Entries taken from a collection:
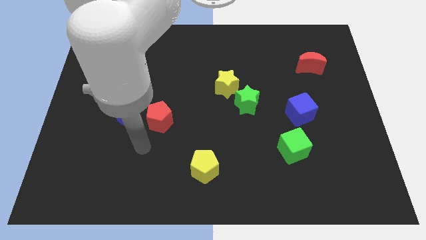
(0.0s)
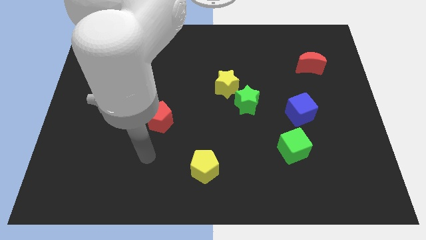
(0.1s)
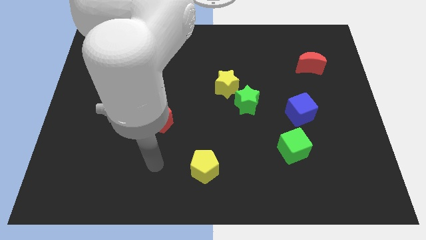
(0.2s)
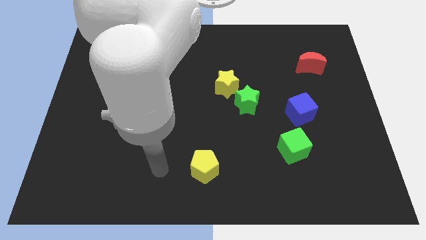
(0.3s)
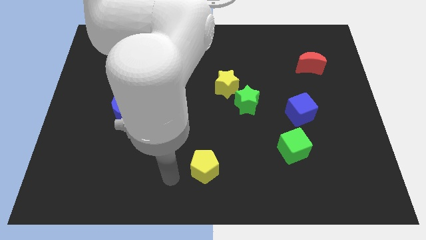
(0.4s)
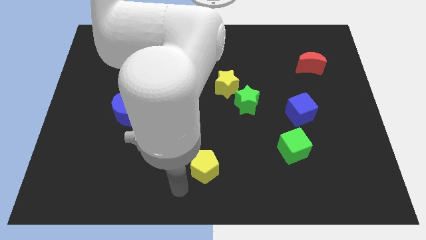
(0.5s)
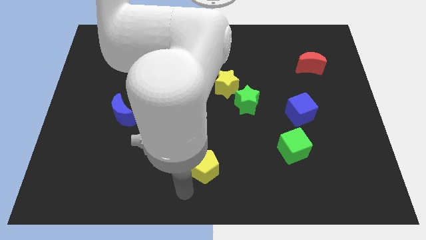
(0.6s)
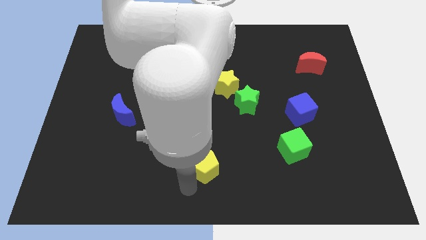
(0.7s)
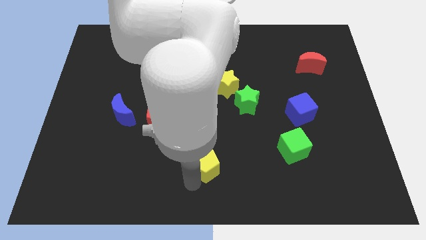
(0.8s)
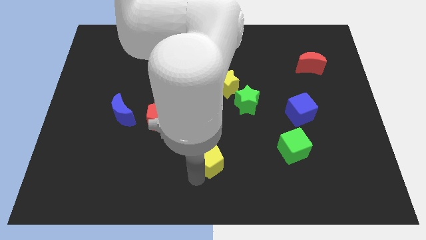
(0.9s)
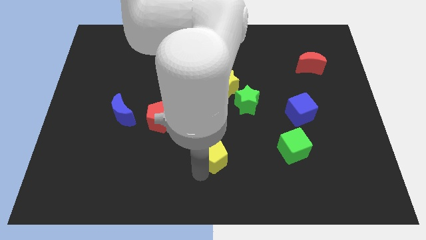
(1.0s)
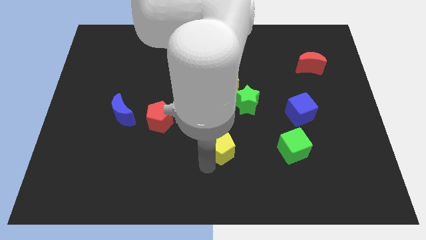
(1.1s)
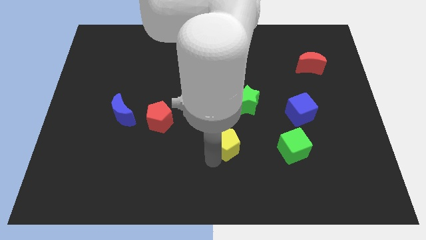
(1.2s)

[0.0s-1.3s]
move the yellow pentagon a little upwards and then to the right

__What is being asked__: Print the records word for word and exclude any picture they hold.

__Response__:
(0.0s)
(0.1s)
(0.2s)
(0.3s)
(0.4s)
(0.5s)
(0.6s)
(0.7s)
(0.8s)
(0.9s)
(1.0s)
(1.1s)
(1.2s)

[0.0s-1.3s]
move the yellow pentagon a little upwards and then to the right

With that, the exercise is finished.